# Student Academic Trends — Full Analysis

This notebook performs a complete analysis of the Kaggle dataset **Analyzing Student Academic Trends**. It is designed to run on Kaggle (or locally after downloading the CSV). Steps included:
1. Import libraries
2. Load dataset
3. Data inspection & cleaning
4. Exploratory Data Analysis (9 combined plots using Matplotlib & Seaborn)
5. Train multiple ML models (Random Forest, Ridge, Lasso, Decision Tree, KNN, Linear Regression, Gradient Boosting, SVR)
6. Model evaluation and comparison (RMSE, MAE, R2) with 4 combined plots (barplot, lineplot, boxplot, ROC-like curves)

> **Note:** The notebook tries to load the dataset from Kaggle's input folder. If you run this locally, replace the `DATA_PATH` variable with the CSV file path.

In [None]:
import pandas as pd
import numpy as np
import matplotlib.pyplot as plt
import seaborn as sns
from sklearn.model_selection import train_test_split
from sklearn.linear_model import LinearRegression, Ridge, Lasso
from sklearn.tree import DecisionTreeRegressor
from sklearn.ensemble import RandomForestRegressor, GradientBoostingRegressor
from sklearn.neighbors import KNeighborsRegressor
from sklearn.svm import SVR
from sklearn.metrics import mean_squared_error, mean_absolute_error, r2_score, roc_curve, auc
from sklearn.preprocessing import StandardScaler
sns.set(style='whitegrid')
plt.rcParams['figure.figsize'] = (10,6)


In [None]:
DATA_PATH = '/kaggle/input/analyzing-student-academic-trends/analyzing_student_academic_trends.csv'
try:
    df = pd.read_csv(DATA_PATH)
    print('Loaded dataset from Kaggle input')
except Exception as e:
    print('Could not load from Kaggle path — falling back to attempting local file or creating synthetic sample. Error:', e)
    try:
        df = pd.read_csv('analyzing_student_academic_trends.csv')
        print('Loaded dataset from local working directory')
    except Exception:
        print('Local file not found — creating a synthetic sample (200 rows) for demonstration')
        np.random.seed(42)
        n = 200
        df = pd.DataFrame({
            'hours_studied': np.random.uniform(0, 10, n),
            'sleep_hours': np.random.uniform(4, 10, n),
            'attendance_percent': np.random.uniform(50, 100, n),
            'previous_scores': np.random.uniform(40, 100, n)
        })
        df['exam_score'] = (5*df['hours_studied'] + 0.3*df['attendance_percent'] + 0.4*df['previous_scores']
                            + 1.5*(df['sleep_hours']-7) + np.random.normal(0,5,n)).clip(0,100)
        df.reset_index(drop=True, inplace=True)
print('\nDataset shape:', df.shape)
display(df.head())


## Quick Data Inspection & Cleaning
- Check dtypes, missing values, basic statistics


In [None]:
print(df.dtypes)
print('\nMissing values:')
print(df.isnull().sum())
display(df.describe())
required = ['hours_studied','sleep_hours','attendance_percent','previous_scores','exam_score']
for col in required:
    if col not in df.columns:
        raise ValueError(f"Required column '{col}' not found in dataset.")

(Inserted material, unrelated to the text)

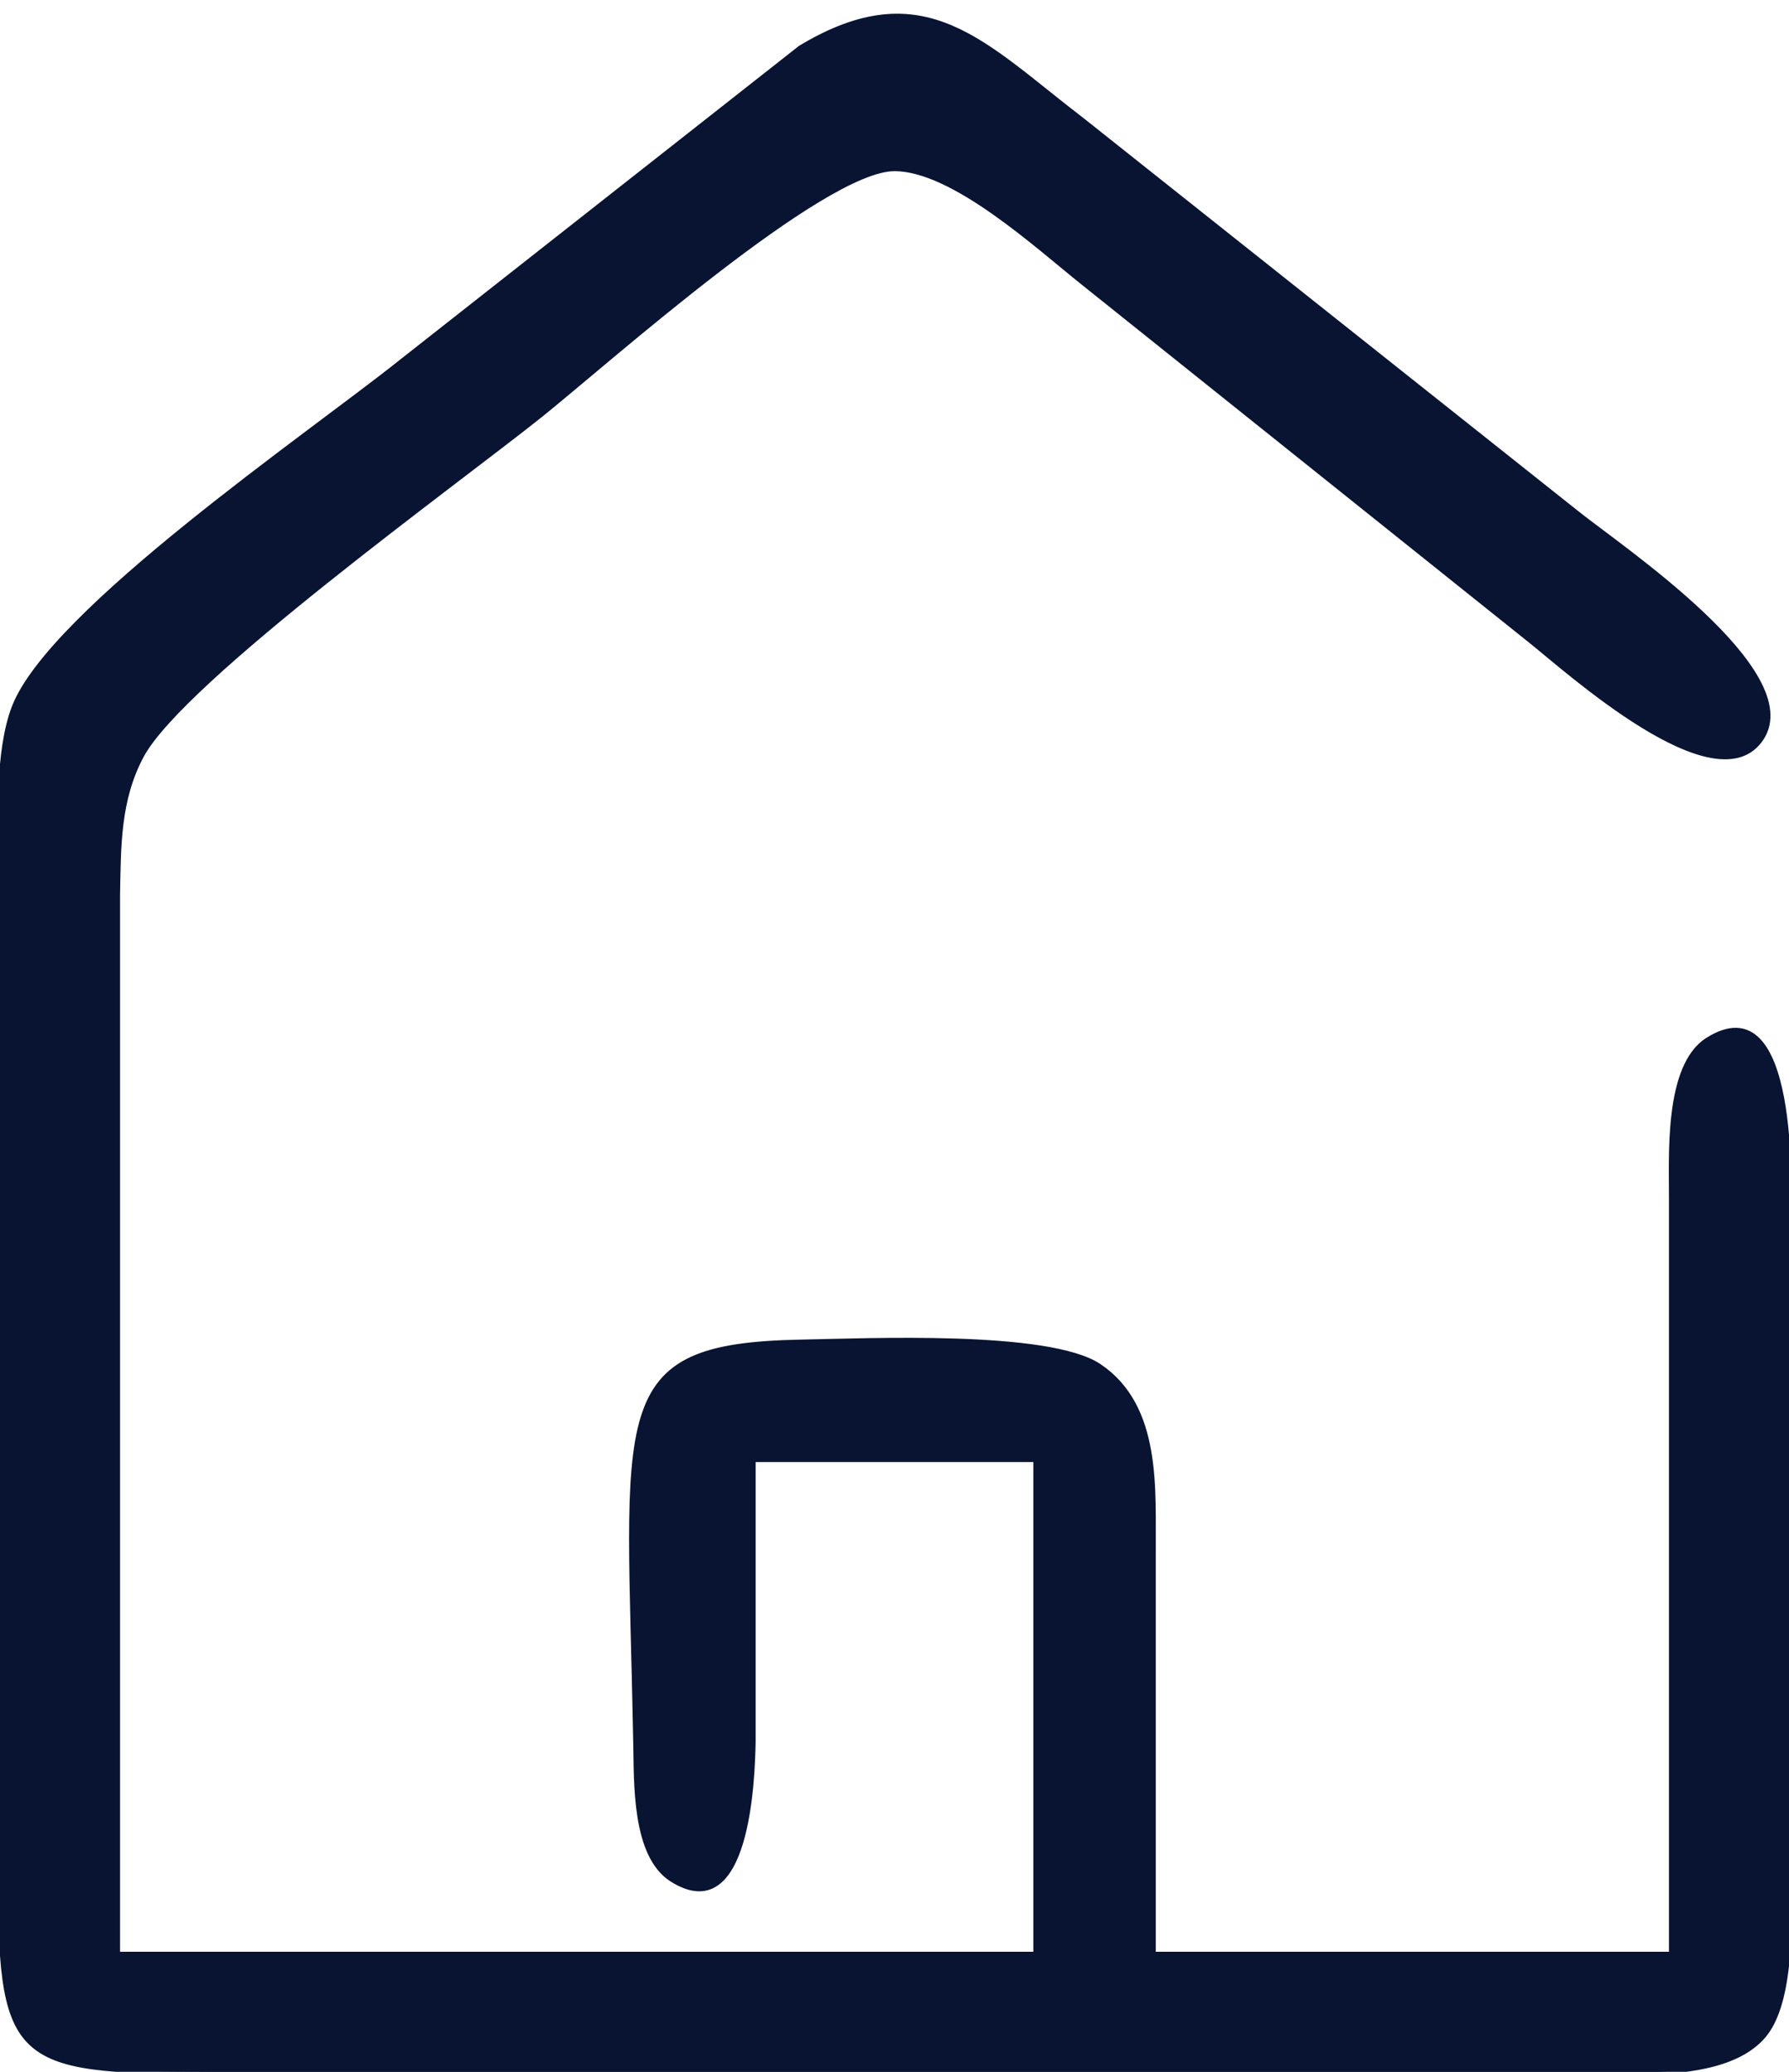 <svg xmlns="http://www.w3.org/2000/svg" width="26.808mm" height="31.041mm" viewBox="0 0 76 88">
  <path id="Selezione" fill="#081432" stroke="#081432" stroke-width="0.2" d="M 71.00,83.00            C 71.00,83.00 71.00,51.00 71.00,51.00              71.01,49.16 70.77,45.29 72.54,44.17              76.33,41.77 76.00,50.52 76.00,52.00              76.00,52.00 76.00,79.00 76.00,79.00              76.00,80.99 76.23,84.81 74.98,86.40              73.41,88.38 69.30,88.00 67.00,88.00              67.00,88.00 9.00,88.00 9.00,88.00              0.36,87.98 0.02,87.64 0.00,79.00              0.00,79.00 0.00,37.00 0.00,37.00              0.00,34.98 -0.12,31.89 0.60,30.04              2.16,25.98 13.14,18.48 17.00,15.40              17.00,15.40 34.00,2.03 34.00,2.03              39.28,-1.15 41.76,1.88 46.00,5.12              46.00,5.12 67.00,21.80 67.00,21.80              68.82,23.26 76.69,28.53 74.83,31.36              72.94,34.24 66.55,28.43 65.00,27.20              65.00,27.20 46.00,12.00 46.00,12.00              44.08,10.47 40.50,7.17 38.00,7.17              34.95,7.17 25.78,15.37 23.00,17.60              19.43,20.46 7.76,28.86 6.02,32.09              5.01,33.97 5.04,35.94 5.00,38.00              5.00,38.00 5.00,83.00 5.00,83.00              5.00,83.00 44.00,83.00 44.00,83.00              44.00,83.00 44.00,62.00 44.00,62.00              44.00,62.00 32.00,62.00 32.00,62.00              32.00,62.00 32.00,74.00 32.00,74.00              31.97,75.52 31.78,81.88 28.54,79.83              26.92,78.80 27.04,75.67 27.00,74.00              26.74,59.76 25.76,57.16 34.00,57.00              36.82,56.95 44.54,56.59 46.69,58.02              49.27,59.75 48.98,63.27 49.00,66.00              49.00,66.00 49.00,83.00 49.00,83.00              49.00,83.00 71.00,83.00 71.00,83.00 Z"/>
</svg>

## Exploratory Data Analysis (9 combined plots)


In [None]:
df['study_cat'] = pd.cut(df['hours_studied'], bins=[-0.01,2.5,5,7.5,10], labels=['Very Low','Low','Medium','High'])
df['sleep_cat'] = pd.cut(df['sleep_hours'], bins=[3.9,6,7.5,10], labels=['Short','Normal','Long'])
fig, axes = plt.subplots(3,3, figsize=(18,14))
sns.scatterplot(x='hours_studied', y='exam_score', data=df, ax=axes[0,0])
sns.regplot(x='hours_studied', y='exam_score', data=df, scatter=False, ax=axes[0,0], color='red')
axes[0,0].set_title('Hours Studied vs Exam Score (scatter + reg)')

sns.scatterplot(x='attendance_percent', y='exam_score', data=df, ax=axes[0,1])
sns.regplot(x='attendance_percent', y='exam_score', data=df, scatter=False, ax=axes[0,1], color='red')
axes[0,1].set_title('Attendance vs Exam Score (scatter + reg)')

sns.scatterplot(x='previous_scores', y='exam_score', data=df, ax=axes[0,2])
sns.regplot(x='previous_scores', y='exam_score', data=df, scatter=False, ax=axes[0,2], color='red')
axes[0,2].set_title('Previous Scores vs Exam Score (scatter + reg)')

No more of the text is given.